To determine whether the genotype played any role in the gut microbiota divergence and associated phenotypes, the upper and lower clusters were compared by genotype for weight gain, liver triglyceride accumulation, claudin-1 expression and glucose tolerance. When separated by genotype and microbiome cluster, a HFHS diet significantly increased the final body weight of the PASK−/−-HFHS lower cluster mice, while WT-HFHS lower cluster mice showed a significant increase (p = 0.0451) in triglycerides with the WT-HFHS upper mice nearing significance (p = 0.0738) (Figure 7 A,B). These results suggested altered lipidomics in the WT and PASK−/− lower cluster mice, favoring triglyceride accumulation for WT and fat production for PASK−/− mice in response to the HFHS diet. The HFHS diet decreased claudin-1 expression in both WT upper (p = 0.0113) and lower (p = 0.0305) as well as the PASK−/− lower group (p = 0.0317) when compared to WT-NCD (Figure 7C). Interestingly, however, the PASK−/−-HFHS upper group was once again protected and displayed claudin-1 levels similar to WT-NCD (p = 0.9004), just as this cohort was protected from weight gain. The factorial ANOVA performed suggested these effects were once again due to an interaction between genotype, diet and microbiome cluster, supporting the differences between WT and PASK−/− and suggesting a protective effect provided by PASK-deficiency which could be overcome by the microbiota in the lower cluster but not by the microbiota in the upper cluster.

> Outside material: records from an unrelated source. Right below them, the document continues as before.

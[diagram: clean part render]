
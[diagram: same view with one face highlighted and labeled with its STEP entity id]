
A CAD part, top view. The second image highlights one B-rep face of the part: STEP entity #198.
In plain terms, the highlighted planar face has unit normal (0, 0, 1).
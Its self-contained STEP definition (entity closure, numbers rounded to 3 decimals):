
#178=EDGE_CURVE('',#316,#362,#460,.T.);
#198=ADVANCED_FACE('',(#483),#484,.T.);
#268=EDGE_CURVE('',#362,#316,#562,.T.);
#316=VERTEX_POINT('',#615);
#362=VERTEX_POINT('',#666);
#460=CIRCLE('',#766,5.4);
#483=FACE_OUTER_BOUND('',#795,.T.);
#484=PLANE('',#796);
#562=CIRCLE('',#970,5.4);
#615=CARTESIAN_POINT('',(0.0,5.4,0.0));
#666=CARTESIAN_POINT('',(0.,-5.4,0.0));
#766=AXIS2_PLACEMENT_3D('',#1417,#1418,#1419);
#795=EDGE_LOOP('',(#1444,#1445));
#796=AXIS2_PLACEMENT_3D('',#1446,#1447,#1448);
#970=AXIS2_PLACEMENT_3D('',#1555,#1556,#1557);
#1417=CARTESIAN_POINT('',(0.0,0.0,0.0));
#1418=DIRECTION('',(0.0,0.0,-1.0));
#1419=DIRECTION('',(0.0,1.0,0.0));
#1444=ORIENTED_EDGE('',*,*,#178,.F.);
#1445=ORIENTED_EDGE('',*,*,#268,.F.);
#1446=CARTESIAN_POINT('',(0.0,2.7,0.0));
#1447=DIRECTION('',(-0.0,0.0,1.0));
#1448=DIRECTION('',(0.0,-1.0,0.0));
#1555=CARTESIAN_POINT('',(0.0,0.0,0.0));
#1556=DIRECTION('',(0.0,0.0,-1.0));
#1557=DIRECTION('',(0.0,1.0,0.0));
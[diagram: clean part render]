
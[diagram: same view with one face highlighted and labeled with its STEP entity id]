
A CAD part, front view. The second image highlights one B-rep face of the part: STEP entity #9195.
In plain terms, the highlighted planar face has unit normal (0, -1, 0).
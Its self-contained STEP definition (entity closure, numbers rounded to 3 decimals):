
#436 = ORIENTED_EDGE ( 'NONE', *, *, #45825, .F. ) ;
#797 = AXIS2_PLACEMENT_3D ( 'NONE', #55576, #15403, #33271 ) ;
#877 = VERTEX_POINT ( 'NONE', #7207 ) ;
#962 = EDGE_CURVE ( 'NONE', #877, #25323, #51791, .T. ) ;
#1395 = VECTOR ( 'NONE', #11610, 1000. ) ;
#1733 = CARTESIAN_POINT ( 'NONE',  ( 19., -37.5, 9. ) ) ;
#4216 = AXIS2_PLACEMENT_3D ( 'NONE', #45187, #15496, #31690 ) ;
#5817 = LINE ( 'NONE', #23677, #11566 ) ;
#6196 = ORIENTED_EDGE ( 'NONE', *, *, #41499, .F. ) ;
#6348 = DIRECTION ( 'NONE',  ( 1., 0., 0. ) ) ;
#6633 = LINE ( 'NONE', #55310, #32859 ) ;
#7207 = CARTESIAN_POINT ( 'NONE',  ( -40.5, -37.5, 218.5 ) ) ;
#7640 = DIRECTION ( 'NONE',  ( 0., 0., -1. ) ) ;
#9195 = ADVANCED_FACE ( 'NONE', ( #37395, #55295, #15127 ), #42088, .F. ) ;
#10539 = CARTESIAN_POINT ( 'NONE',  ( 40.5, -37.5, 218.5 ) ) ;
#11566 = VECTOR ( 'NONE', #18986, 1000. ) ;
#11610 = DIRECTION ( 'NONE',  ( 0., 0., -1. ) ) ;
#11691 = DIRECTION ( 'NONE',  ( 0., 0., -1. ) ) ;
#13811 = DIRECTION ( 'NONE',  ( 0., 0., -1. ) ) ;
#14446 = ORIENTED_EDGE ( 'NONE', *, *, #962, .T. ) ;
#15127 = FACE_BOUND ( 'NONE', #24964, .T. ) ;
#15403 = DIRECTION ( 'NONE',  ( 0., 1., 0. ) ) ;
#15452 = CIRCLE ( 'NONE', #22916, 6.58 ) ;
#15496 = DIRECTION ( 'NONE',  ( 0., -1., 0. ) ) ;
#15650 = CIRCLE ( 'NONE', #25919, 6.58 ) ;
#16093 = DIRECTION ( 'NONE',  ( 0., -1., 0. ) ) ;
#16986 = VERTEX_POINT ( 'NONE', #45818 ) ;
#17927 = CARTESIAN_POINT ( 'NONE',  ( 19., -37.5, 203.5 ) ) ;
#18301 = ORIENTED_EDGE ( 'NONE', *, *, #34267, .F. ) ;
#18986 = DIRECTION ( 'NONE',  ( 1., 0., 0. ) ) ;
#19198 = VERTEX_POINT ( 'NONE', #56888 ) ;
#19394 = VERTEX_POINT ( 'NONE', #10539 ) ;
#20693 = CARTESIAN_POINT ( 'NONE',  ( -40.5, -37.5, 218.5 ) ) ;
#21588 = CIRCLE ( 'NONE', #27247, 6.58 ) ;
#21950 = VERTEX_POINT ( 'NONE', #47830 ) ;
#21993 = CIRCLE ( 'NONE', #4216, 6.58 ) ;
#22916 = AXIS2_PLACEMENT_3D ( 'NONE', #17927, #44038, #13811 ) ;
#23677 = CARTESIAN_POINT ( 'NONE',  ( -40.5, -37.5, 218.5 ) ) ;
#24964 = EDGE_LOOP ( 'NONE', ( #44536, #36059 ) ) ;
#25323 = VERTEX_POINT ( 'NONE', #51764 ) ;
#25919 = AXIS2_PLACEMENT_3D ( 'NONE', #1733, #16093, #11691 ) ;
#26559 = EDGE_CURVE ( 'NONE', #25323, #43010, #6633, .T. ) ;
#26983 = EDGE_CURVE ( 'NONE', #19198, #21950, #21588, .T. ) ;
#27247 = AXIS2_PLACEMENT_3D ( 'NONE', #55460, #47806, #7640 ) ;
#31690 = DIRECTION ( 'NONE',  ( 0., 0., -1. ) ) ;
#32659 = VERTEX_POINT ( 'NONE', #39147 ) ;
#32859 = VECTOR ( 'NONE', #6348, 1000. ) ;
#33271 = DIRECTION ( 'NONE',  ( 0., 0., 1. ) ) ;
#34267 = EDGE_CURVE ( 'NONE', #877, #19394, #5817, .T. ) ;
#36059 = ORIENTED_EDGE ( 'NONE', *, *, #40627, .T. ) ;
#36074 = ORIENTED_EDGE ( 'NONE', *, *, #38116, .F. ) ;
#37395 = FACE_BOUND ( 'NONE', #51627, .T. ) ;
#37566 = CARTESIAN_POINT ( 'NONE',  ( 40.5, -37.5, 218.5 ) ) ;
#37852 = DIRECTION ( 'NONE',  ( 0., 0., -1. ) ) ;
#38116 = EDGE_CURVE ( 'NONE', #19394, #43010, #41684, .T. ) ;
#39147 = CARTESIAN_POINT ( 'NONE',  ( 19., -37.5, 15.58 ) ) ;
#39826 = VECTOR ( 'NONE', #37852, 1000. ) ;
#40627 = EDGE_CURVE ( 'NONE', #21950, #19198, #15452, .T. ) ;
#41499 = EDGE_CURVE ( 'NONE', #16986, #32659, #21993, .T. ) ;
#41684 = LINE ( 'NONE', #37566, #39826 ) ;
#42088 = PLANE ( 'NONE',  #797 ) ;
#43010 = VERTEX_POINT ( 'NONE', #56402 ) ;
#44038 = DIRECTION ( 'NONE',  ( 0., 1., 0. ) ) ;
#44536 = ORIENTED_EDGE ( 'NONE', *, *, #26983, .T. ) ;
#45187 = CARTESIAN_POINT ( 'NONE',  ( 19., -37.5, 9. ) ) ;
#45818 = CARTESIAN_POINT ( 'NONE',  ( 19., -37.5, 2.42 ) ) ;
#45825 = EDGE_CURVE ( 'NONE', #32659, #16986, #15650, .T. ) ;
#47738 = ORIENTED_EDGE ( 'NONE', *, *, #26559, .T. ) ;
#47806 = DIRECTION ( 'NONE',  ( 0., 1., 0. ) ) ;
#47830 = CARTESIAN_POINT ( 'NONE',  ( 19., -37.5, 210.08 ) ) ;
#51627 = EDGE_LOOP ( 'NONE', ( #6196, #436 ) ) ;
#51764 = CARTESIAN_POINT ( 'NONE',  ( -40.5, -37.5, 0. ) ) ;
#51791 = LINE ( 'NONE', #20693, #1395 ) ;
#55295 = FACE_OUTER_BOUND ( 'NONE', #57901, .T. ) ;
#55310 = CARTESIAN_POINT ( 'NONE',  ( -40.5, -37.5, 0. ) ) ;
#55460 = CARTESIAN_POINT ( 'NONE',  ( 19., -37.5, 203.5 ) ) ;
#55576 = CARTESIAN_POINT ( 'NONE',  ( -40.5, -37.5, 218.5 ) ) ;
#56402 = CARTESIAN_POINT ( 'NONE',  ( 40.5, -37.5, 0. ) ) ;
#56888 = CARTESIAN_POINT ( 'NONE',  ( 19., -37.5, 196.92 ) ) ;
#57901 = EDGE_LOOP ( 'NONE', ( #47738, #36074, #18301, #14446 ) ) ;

The glucose response by genotype in the upper and lower clusters was also compared (Figure 7D,E). At 15 weeks there were no AUC differences between the groups based on the genotype that achieved statistical significance when using full factorial ANOVA; however, the final datapoint of the GTT was significantly different and the PASK−/−-HFHS lower group AUC trended high (p = 0.0885). At week 19 both the PASK−/−-HFHS lower group (p = 0.0363), and the WT-HFHS lower group (p = 0.0335) had greater AUC when compared to the total WT-NCD group by using full factorial ANOVA, which suggested the effects were due to an interaction between diet, genotype and the HFHS cluster. At the 23-week timepoint, only the PASK−/−-HFHS lower group was significantly different from the WT-NCD group (p = 0.0534), with the WT-HFHS differences becoming less apparent (p = 0.1123). These results support a genotypic effect and suggest that the PASK−/−-HFHS mice showed a greater susceptibility to the shift in the microbiota, showing more dramatic shifts than WT-HFHS at weeks 15 and 23.

4. Discussion

Rates of obesity, hypertriglyceridemia and insulin resistance are alarming and on the rise in the United States, necessitating better animal models to better understand influencing factors. Deletion of PAS kinase (PASK) has previously been shown to protect mice against high fat diet-induced weight gain, triglyceride accumulation and insulin resistance [27,31,37], suggesting that it is a key regulator of these pivotal pathways. The microbiome has also been correlated with these phenotypes in several studies, yet no studies have investigated the combined effects of microbiome and PASK-deficiency. Herein, the role of PAS kinase was examined on a western-style HFHS diet rather than a high fat diet, including effects on weight gain, triglyceride accumulation, glucose sensitivity and insulin resistance as well as microbiome composition. Although all mice displayed an expected shift to lower alpha diversity and increased beta diversity on the HFHS diet, a key finding was a remarkable forked separation of microbiome composition observed in both wild type and PASK−/− mice on the HFHS diet. Two discrete microbiomes emerged, with the “lower” cluster containing elevated levels of Firmicutes, Bacteroidetes, Actinobacteria, Proteobacteria and Defferibacteres when compared to the “upper” cluster (Figure 5D). These upper and lower clusters were also associated with key differences in weight gain, liver triglyceride accumulation as well as glucose intolerance.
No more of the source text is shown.